In an isometric exercise a person places a hand on a scale and pushes vertically downward, keeping the forearm horizontal. This is possible because the triceps muscle applies an upward force perpendicular to the arm, as the drawing indicates. The forearm weighs 25.0 N and has a center of gravity as indicated. The scale registers 85 N. Determine the magnitude of M.
The forearm weighs 25.0 N and has a center of gravity as indicated.
We do not see the diagram, and there is no description. We do not see what M represents.
In any case, sum moments about the support point of the muscle, at which the reaction is not known. The sum of moments should be zero.
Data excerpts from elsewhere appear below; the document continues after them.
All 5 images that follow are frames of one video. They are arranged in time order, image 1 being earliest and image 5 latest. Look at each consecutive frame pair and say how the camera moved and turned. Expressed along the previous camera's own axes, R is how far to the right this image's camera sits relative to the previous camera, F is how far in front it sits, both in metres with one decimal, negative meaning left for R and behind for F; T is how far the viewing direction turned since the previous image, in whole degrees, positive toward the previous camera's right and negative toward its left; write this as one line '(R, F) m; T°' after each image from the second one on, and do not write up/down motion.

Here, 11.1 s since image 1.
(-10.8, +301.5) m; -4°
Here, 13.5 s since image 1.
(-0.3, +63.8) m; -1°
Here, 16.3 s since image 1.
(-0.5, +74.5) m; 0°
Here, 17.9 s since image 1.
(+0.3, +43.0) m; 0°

Solve for M.
To determine the magnitude of M, we need to analyze the forces acting on the system and apply Newton's laws of motion.
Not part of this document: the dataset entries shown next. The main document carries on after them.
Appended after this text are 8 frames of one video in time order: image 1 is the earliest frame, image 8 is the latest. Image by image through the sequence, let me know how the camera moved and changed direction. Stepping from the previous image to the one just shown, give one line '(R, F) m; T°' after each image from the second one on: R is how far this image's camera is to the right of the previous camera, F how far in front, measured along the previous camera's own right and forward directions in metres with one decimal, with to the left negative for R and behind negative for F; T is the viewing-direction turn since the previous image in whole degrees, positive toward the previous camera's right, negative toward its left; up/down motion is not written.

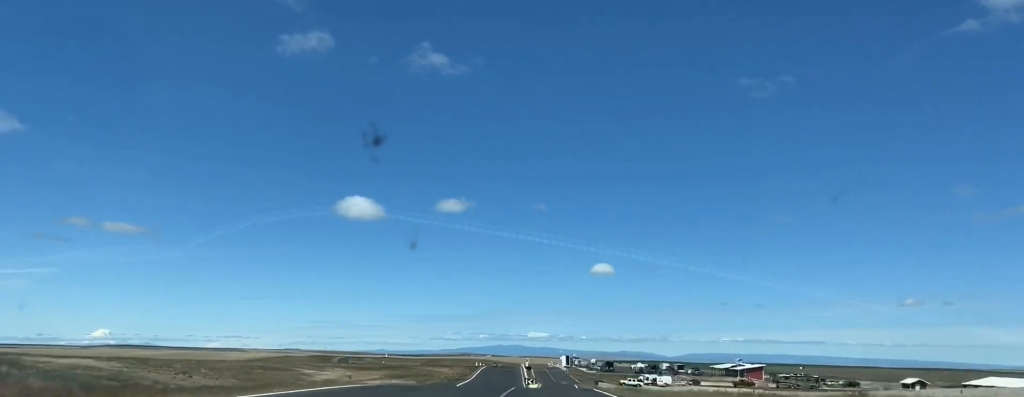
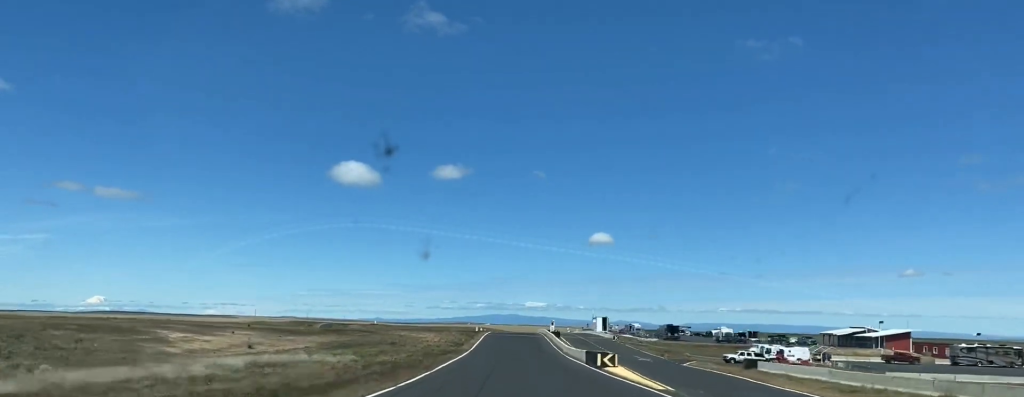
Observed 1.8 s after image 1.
(-0.6, +75.8) m; 0°
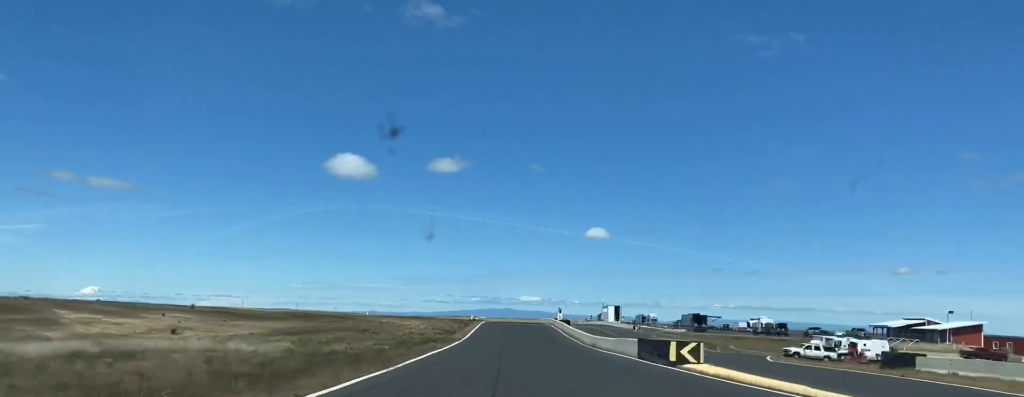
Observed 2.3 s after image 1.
(+0.4, +23.0) m; +1°
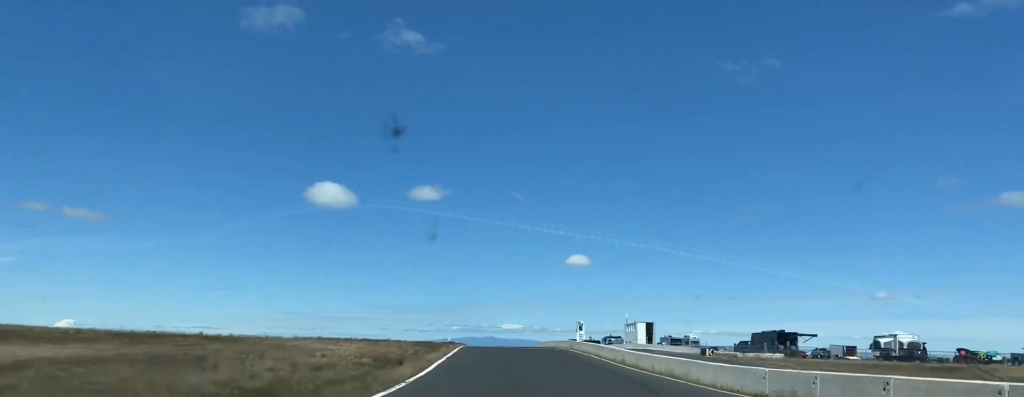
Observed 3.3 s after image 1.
(+0.6, +47.1) m; +1°
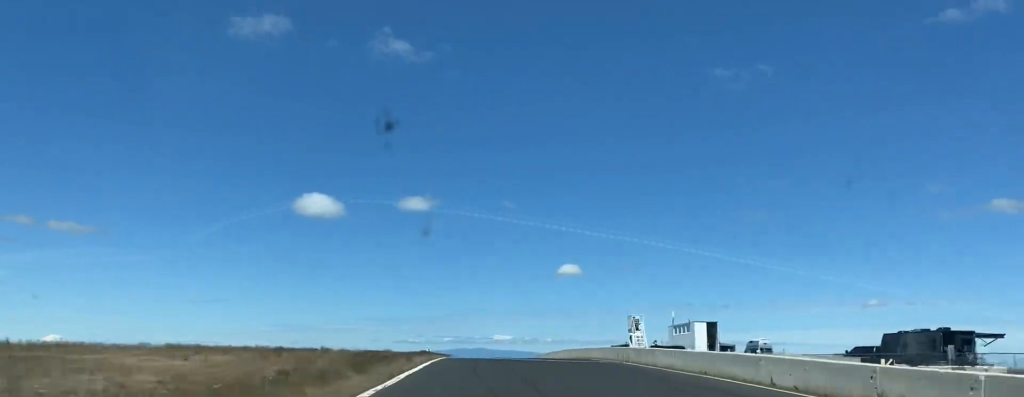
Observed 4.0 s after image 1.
(0.0, +33.7) m; 0°
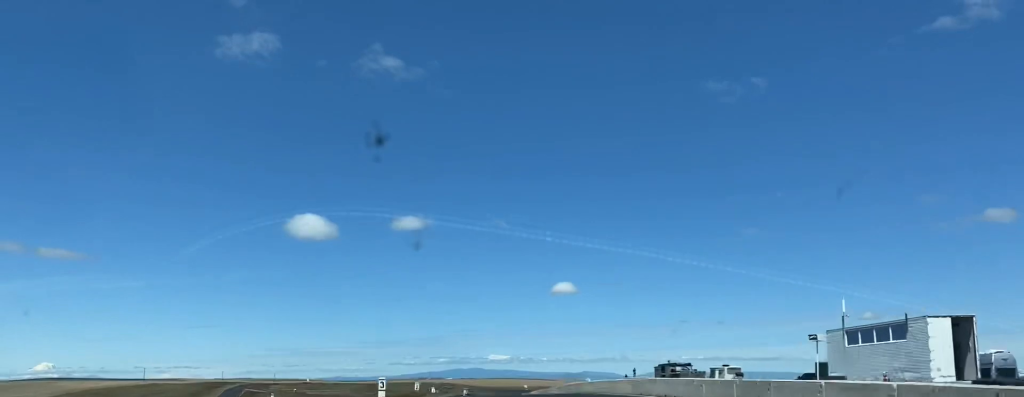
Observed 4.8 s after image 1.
(+0.1, +40.7) m; 0°
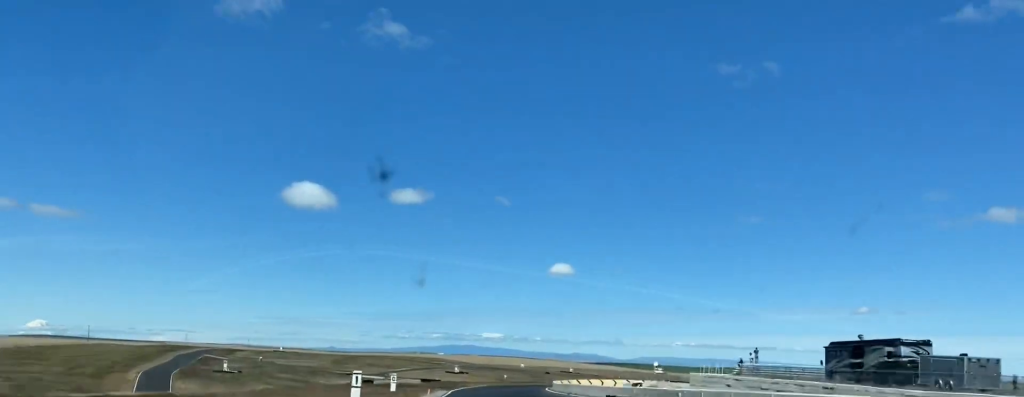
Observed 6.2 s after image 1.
(+0.5, +65.3) m; +1°
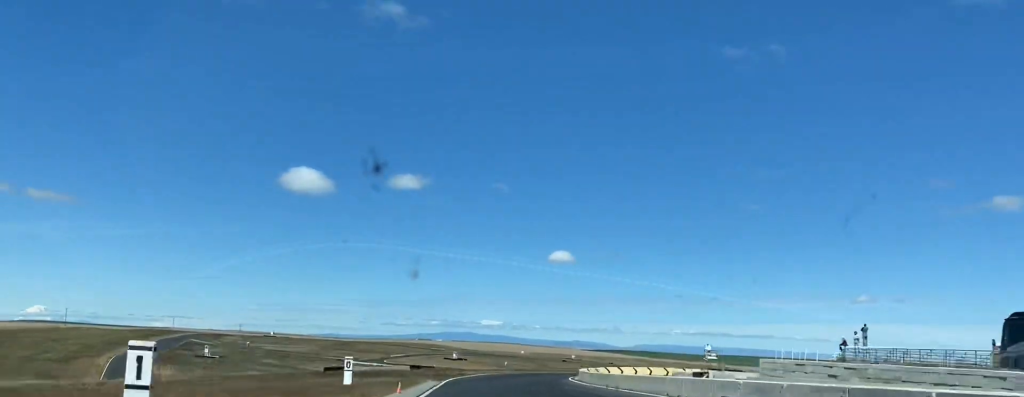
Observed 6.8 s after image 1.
(+0.1, +24.9) m; 0°

Let's break down the forces involved:
1. Weight of the forearm: The forearm weighs 25.0 N acting straight down at its center of gravity.
2. Force exerted by the triceps muscle: The triceps muscle applies an upward force perpendicular to the forearm. Let's call this force Ft.
3. Force registered by the scale: The scale registers a force of 85 N, which is the sum of the weight of the forearm and the force exerted by the triceps muscle.
Now, according to Newton's laws of motion, the net force acting in the vertical direction must be zero since the forearm is not accelerating vertically.
So, let's write the equation for the net force:
Net force = Force exerted by the triceps muscle - Weight of the forearm
Since the net force is zero, the two forces must be equal:
Ft - 25.0 N = 0
Simplifying the equation, we find:
Ft = 25.0 N
Therefore, the magnitude of M is 25.0 N.